According to Bloomberg, investment banks are valuing Alibaba at $200 billion, and are saying that Alibaba plans to work with investment firms, Credit Suisse Group AG, Deutsche Bank AG, Goldman Sachs Group Inc., JPMorgan Chase & Co., Morgan Stanley and Citigroup Inc.

This IPO might just might be the largest behind Facebook Inc. (NASDAQ: FB), who debuted in 2012, the e-commerce site has not decided on when it will file for the listing, which exchange to list on, or even how much to raise or how much to sell.

According to a valuation of $200 billion, this e-commerce company would be the second-largest Internet Company based on market-capitalization, behind Google Inc.(NASDAQ: GOOG)

Back in 2012 Alibaba bought back 20 percent of shares from Yahoo!
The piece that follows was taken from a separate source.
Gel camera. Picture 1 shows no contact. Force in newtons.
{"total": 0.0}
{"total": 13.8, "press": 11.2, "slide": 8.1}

Inc., back then Alibaba was valued at about $35 billion. Yahoo! (NASDAQ: YHOO) still owns 24 percent of the e-commerce website. Japan's Softbank Corp. owns 37 percent of the site.
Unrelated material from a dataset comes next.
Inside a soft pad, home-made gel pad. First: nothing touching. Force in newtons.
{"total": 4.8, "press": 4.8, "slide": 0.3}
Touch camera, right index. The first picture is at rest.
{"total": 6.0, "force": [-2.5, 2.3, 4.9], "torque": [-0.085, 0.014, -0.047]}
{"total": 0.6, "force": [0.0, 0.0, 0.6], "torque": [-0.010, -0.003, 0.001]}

Due to these factors and many other Alibaba has officially decided to start the process for an IPO in the United States, the company has also commented on a potential listing in China and has said, “should circumstances permit,” it will decide to file in China.

Shares of Yahoo! were up three percent in pre-market trading on the news of Alibaba going public, and have since continued to surge upward.